The Baloch resistance of the 1970s arose under the leadership of the left-oriented Baloch People’s Liberation Front (BPLF), which was joined by people from all across Pakistan giving the movement a very progressive color.  The Pakistani government, using the military aid provided by the Shah of Iran, conducted a merciless and savage operation killing thousands of Baloch civilians and displacing hundreds of thousands.  The 1973-1977 civil war became one of the most widespread and bloody civil unrests against the federal government in Pakistan after the secessionist war of liberation in Bangladesh.  The Baloch movement was quelled with the coup of General Zia-ul-Haq, and nearly all the insurgents were granted amnesty.  Many Baloch outfits maintained their operations in Balochistan and amongst the Baloch refugees in Afghanistan.

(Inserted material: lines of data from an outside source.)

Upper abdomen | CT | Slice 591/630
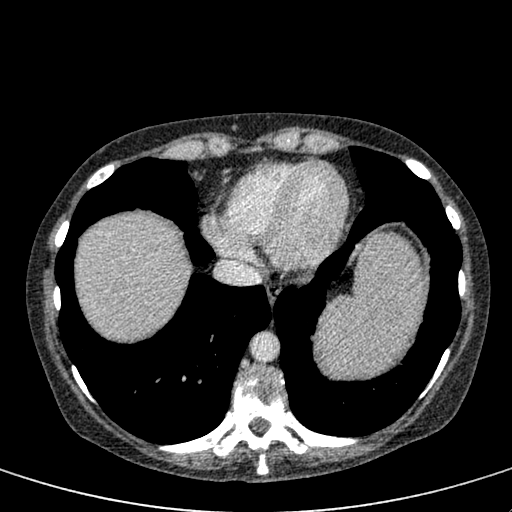 Liver = (76,216,187,338).
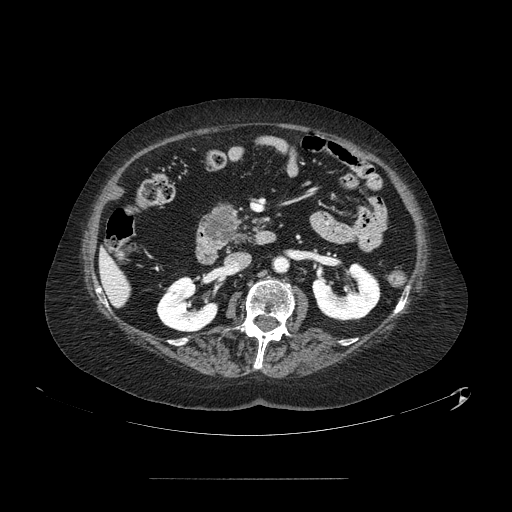 512x512 px | CT image
<segmentation>
  <pancreatic_tumor>203,207,235,242</pancreatic_tumor>
  <pancreas>203,210,239,245; 208,205,228,219</pancreas>
</segmentation>
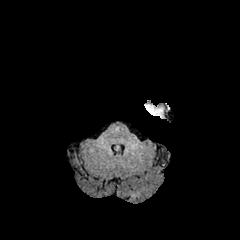
FLAIR MRI.
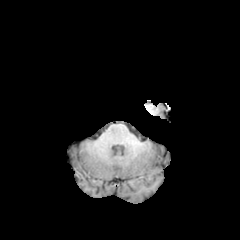
T1-weighted MRI.
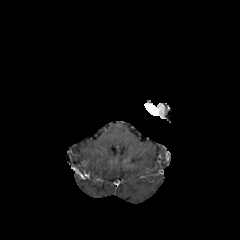
Post-contrast T1-weighted MR image of the same slice.
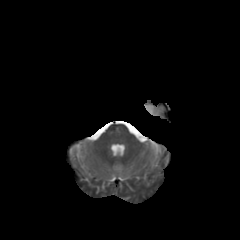
T2-weighted MRI.
enhancing tumor: 144 103 164 118
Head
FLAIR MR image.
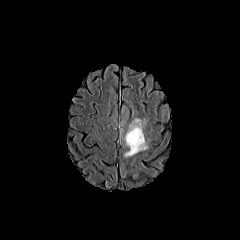
T1-weighted magnetic resonance.
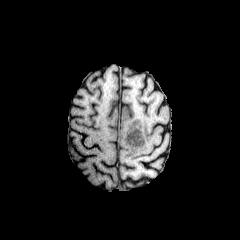
Post-contrast T1-weighted magnetic resonance.
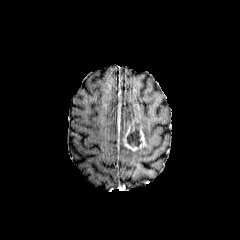
T2-weighted magnetic resonance.
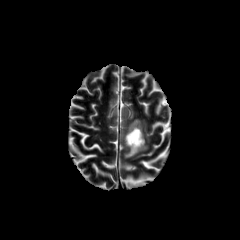
Enhancing tumor at box=[123, 126, 138, 151]; box=[139, 125, 148, 149].
Non-enhancing tumor core at box=[126, 121, 143, 149].
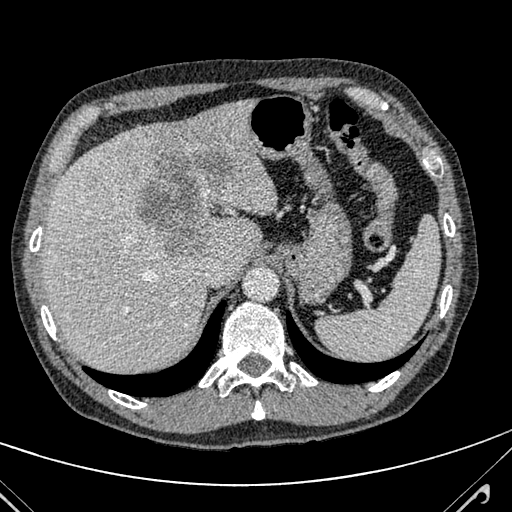

CT image | Upper abdomen

Segmented structures:
• liver: l=43, t=100, r=276, b=371
• focal liver lesion: l=136, t=143, r=231, b=260
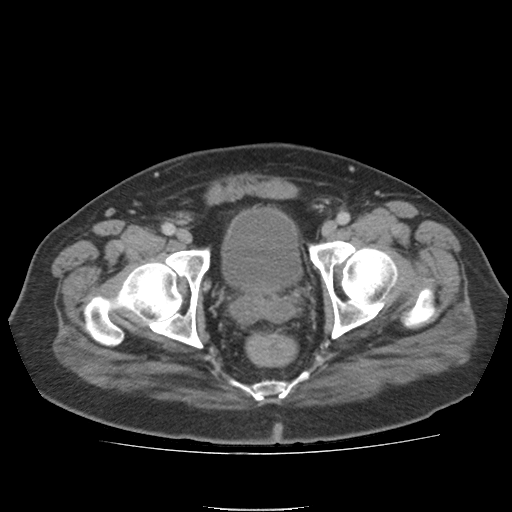
CT slice. The urinary bladder is located at <bbox>222, 212, 299, 296</bbox>.
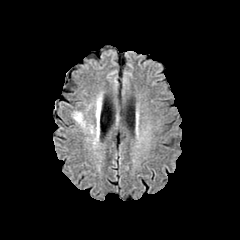
FLAIR MR.
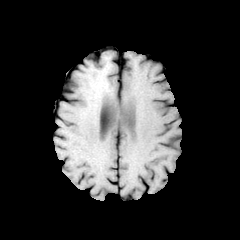
T1-weighted MR.
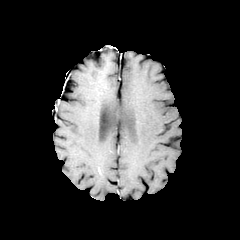
Post-contrast T1-weighted MR image.
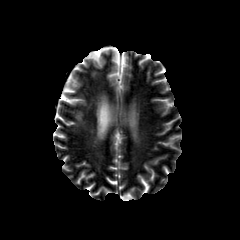
T2-weighted magnetic resonance of the same slice.
240x240, Head
edema: (left=75, top=113, right=85, bottom=127), (left=89, top=98, right=99, bottom=135)
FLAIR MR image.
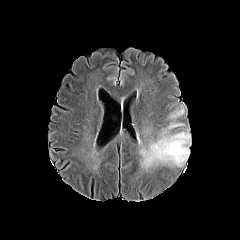
T1-weighted MR image.
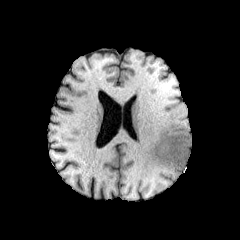
Post-contrast T1-weighted MR.
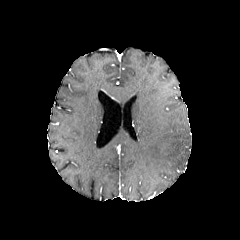
T2-weighted magnetic resonance.
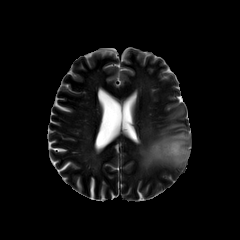
240x240.
Segmented structures:
• edema: <bbox>144, 130, 190, 167</bbox>
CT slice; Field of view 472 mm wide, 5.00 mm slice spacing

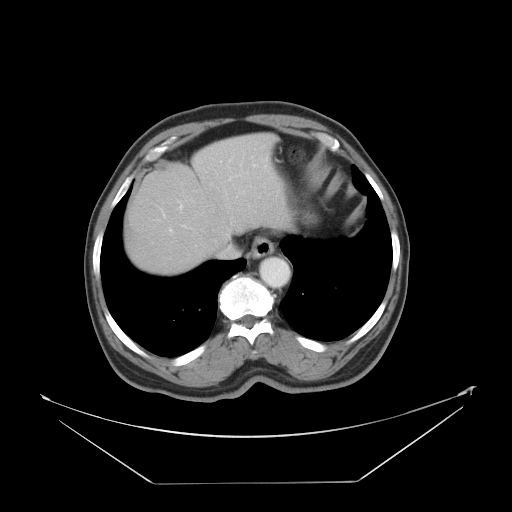

The vessel annotation is not exhaustive.
<segmentation>
  <hepatic_vessel>l=226, t=233, r=227, b=235; l=218, t=245, r=238, b=259; l=229, t=176, r=234, b=180; l=235, t=174, r=242, b=176; l=182, t=225, r=190, b=228; l=177, t=200, r=182, b=212; l=169, t=228, r=172, b=233; l=230, t=217, r=232, b=220; l=162, t=211, r=164, b=216; l=227, t=156, r=233, b=167; l=253, t=164, r=255, b=166; l=255, t=142, r=256, b=143</hepatic_vessel>
</segmentation>
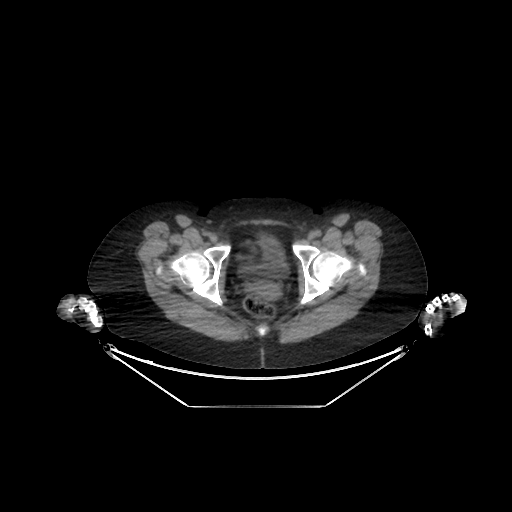

Pelvis | CT image | 512x512
urinary_bladder:
  - rect(237, 231, 289, 281)
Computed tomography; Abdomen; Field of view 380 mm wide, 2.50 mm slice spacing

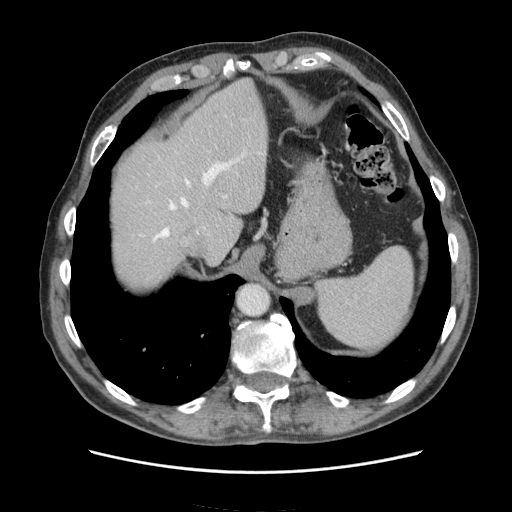

* spleen: box=[317, 248, 413, 348]
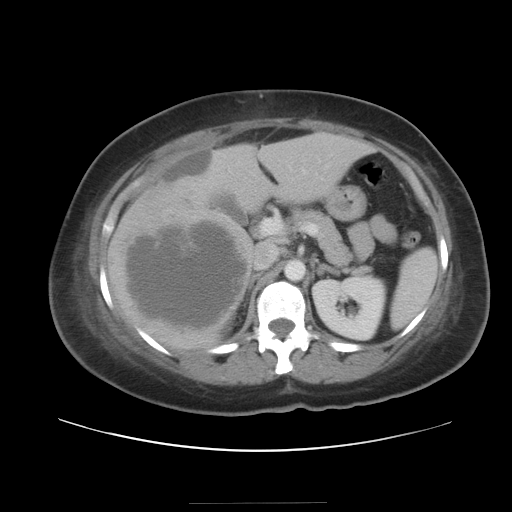
CT image; Abdomen
<segmentation>
  <liver_tumor>126,223,250,329</liver_tumor>
</segmentation>
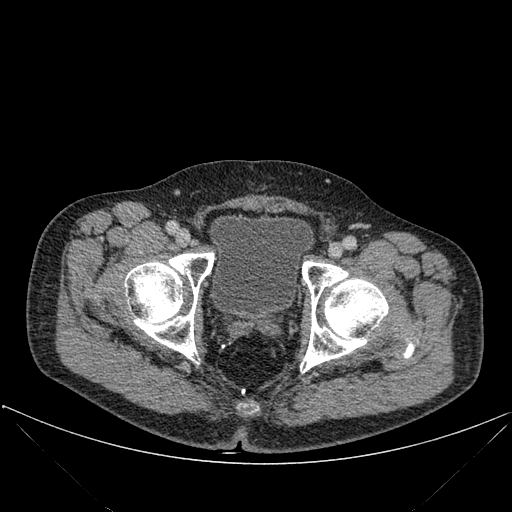
CT scan slice; 512x512

The urinary bladder is located at bbox(209, 214, 314, 323). 4 bone regions are bounded by bbox(404, 343, 413, 357); bbox(238, 404, 258, 412); bbox(300, 261, 388, 372); bbox(125, 253, 214, 362).

The next and the fourth insurgency in Balochistan started in 2005, around the same demands of provincial autonomy and control over the province’s natural resources.  Instead of giving due consideration to the recurrent demands of the Baloch people, the federal government under the military dictatorship resorted to the same old colonial tactics of high-handedness and initiated a full-fledged civil war in Balochistan.  The assassination of Nawab Akbar Bugti became yet another turning point in the Baloch resistance and the estrangement of Baloch population.  The arrogant, nay evil, response of General Pervez Musharraf in congratulating the military commanders and intelligence services for successfully carrying out the murder of Nawab Akbar Bugti added extra fuel to the fire.  The brutality as well as circumstances of the recent killing of the three Baloch nationalist leaders of Balochistan — Ghulam Mohammad Baloch, Lala Muneer Baloch, and Sher Mohammad Baloch — have further aggravated the Baloch rage towards the federal government and now increasingly, but understandably, towards the rest of the population of Pakistan who have been silent bystanders.

The objective of briefly narrating the history of the Baloch crisis is only to highlight the real causes of the current conflict in the province.  The lack of respect for self-determination of the Baloch people, the denial of provincial autonomy, the highly oppressive and arbitrary manner in which their leaders have been treated, the savagely cruel conduct of the federal government in times of crisis, the refusal to let the Baloch exercise their rights over the natural resources of their province, the outright discrimination against the Baloch people in the matter of economic and social rights — these are among the important factors that have brought the conditions to what they are today.  Rather than externalizing the problem, we must see it in its proper historical context.  The federal government of Pakistan has to do more than make half-hearted attempts to restore confidence of the people of the province.  Nothing short of provision of maximum provincial autonomy, respecting the right to self-determination of the people of Balochistan, can begin to alleviate their pains and angers.

Umer A. Chaudhry is a lawyer based in Lahore, Pakistan and a member of the Communist Workers and Peasants Party (CMKP) of Pakistan.